You know that we are not guiding in the third quarter announcement for next year. But of course, we will have a negative cash impact based on the program. That's clear. Then when we look into the business, you see that in our order book, you see that in the development of the order intake, you see that what we say regarding how the market function and that we actually no matter if it goes up or down, we always have something to do that actually looks good for us.
So we don't see next year as a disaster at all. We are actually quite positive on the year 2023. Then on top of it, with the efficiency program, when you look into that, yes, it will bring us 1 percentage point EBITA closer to the 5%. And we will see and inform you how we see that split over the year, how that will come to the bottom line. You have normally at the beginning of the program, which is intended to have the major work and major activity finalized at the end of quarter 1, of course, at the beginning, more cost and activity. And towards the end of the year, you go to the what you call the run rate out of the year 2023 that we are clean in 2024. And again, that is the right way to go, to have minimum 5% EBITA from '24 on, if not more.
So far, there are no further questions. Last seconds, if you still have one. So I think we're fine. We're all set. There are no further questions. And if later on, please contact the IR team. Sorry, Christoph, you have another question.
Just one more, because you said the Capital Market Day is going to be on the 14th of February, 2023, but then you also said there is going to be a meeting on the 12th December. Did I get that right?

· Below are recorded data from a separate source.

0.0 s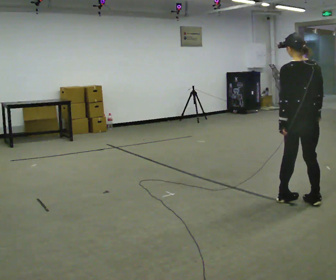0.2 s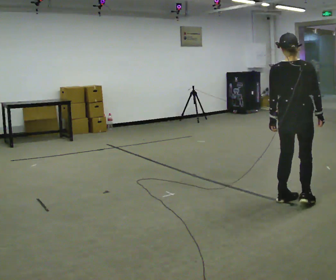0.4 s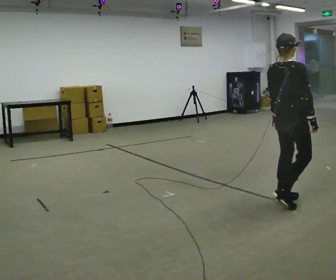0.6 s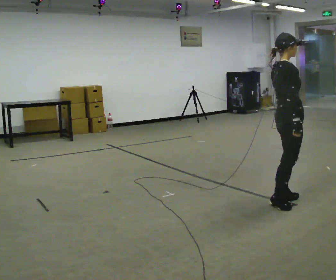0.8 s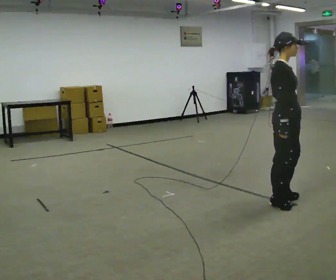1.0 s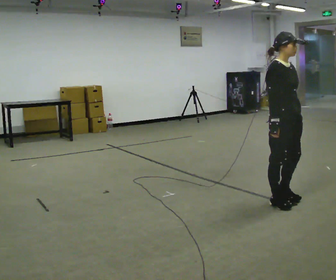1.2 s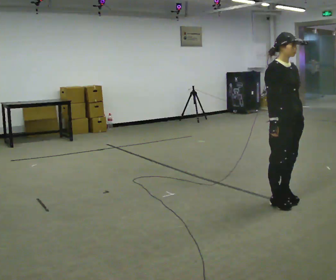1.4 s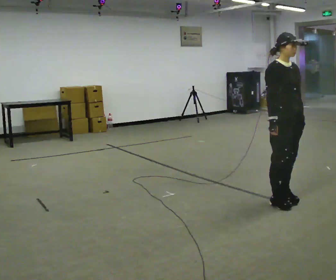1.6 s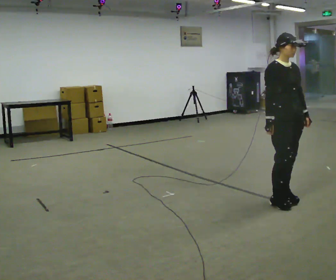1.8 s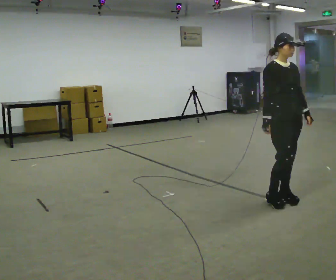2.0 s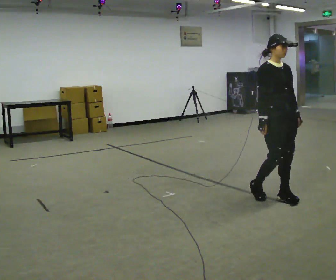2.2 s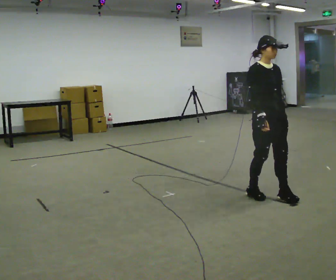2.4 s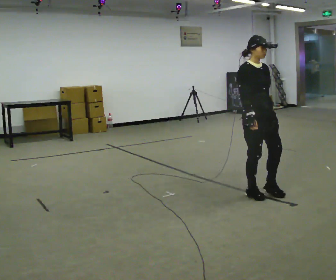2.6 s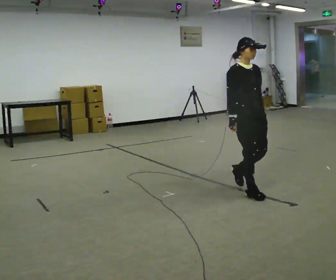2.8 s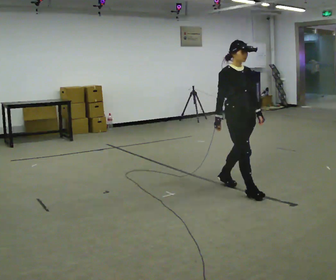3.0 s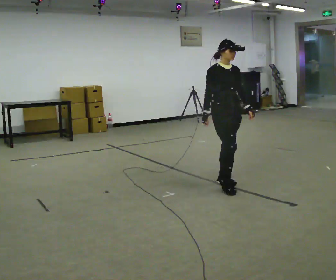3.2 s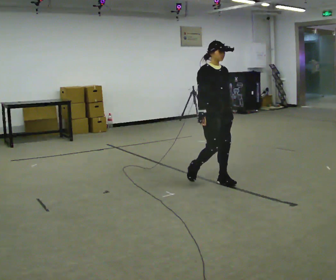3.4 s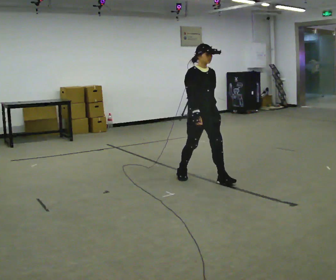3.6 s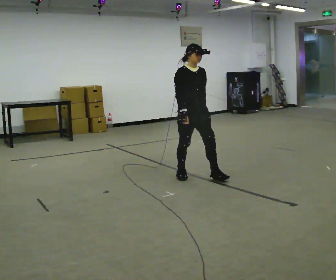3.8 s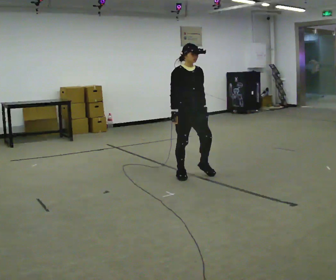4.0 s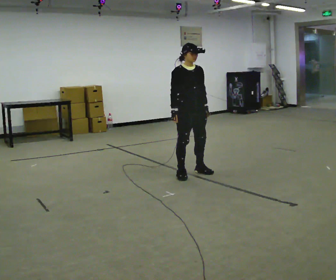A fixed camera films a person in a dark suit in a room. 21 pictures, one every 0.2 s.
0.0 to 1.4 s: Seen from above the body turns clockwise, about 150 degrees: to their right, with its near side sliding to the left. In the picture they go to the left, about 0.25 m in 1 step. In the picture their right hand goes to the left.
1.4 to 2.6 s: In the picture they go to the left and away from the camera, about 0.5 m in 2 steps, which for them is backward.
2.6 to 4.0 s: In the picture they go to the left and away from the camera, about 1 m in 2 steps, which for them is backward.
The film runs backward here.
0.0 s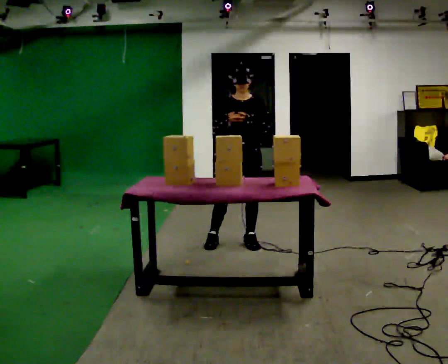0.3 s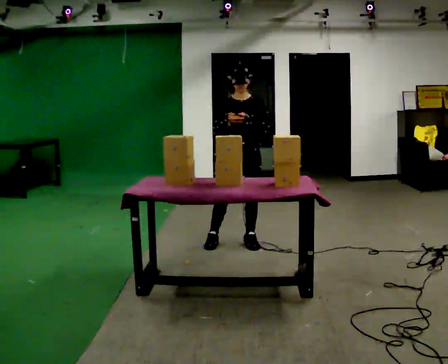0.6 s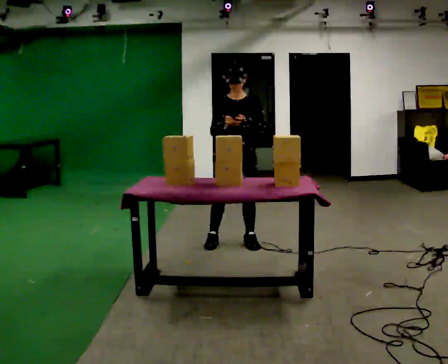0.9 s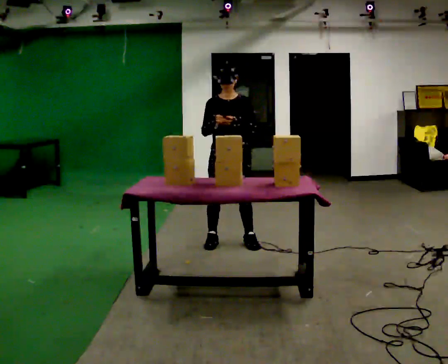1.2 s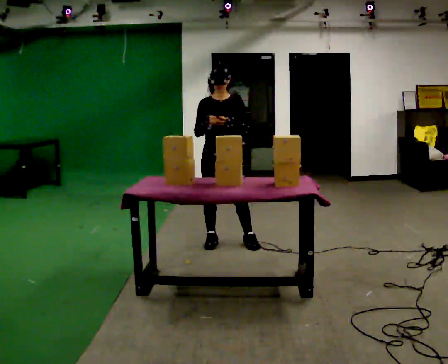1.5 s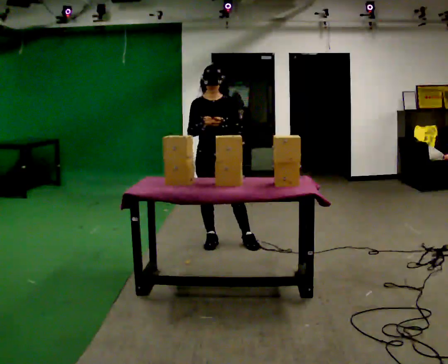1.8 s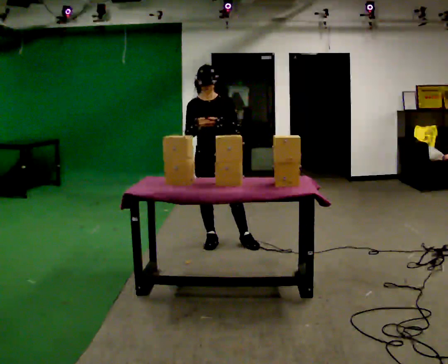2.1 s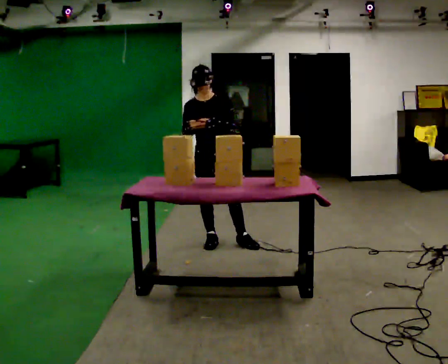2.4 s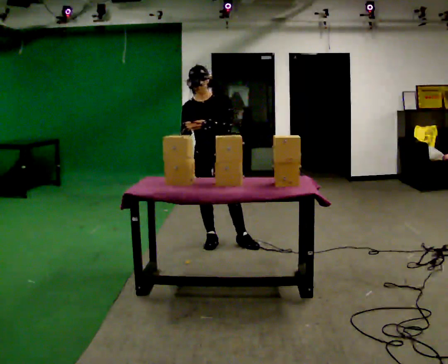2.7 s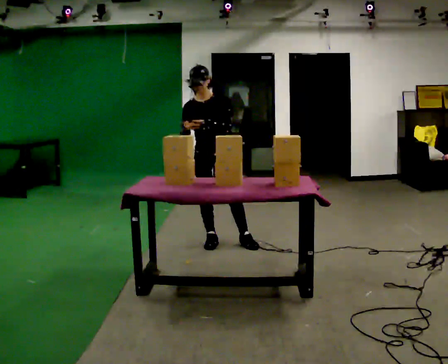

Yes. We will make a so-called lunch meeting where we will inform you more granular about the efficiency program, because the information level what we can send out -- what we could send out yesterday and today, you have to know and you have to be aware, of course, all the respective premiums and functions in such a process has to be invited and part of it. And that's the way how it works in Germany. And of course, we are completely compliant on that and follow that. And then on the 12th of December, we can give significantly more detailed information that you can track us and see that we will deliver.
So I guess, yes, we now conclude this conference call. And as I said, please give us a call if there are further questions in the next days. And thank you very much for participating. And hopefully, see you all in-person or virtually latest in December and/or to our Capital Markets Day. Have a good day. Thank you, and bye, bye.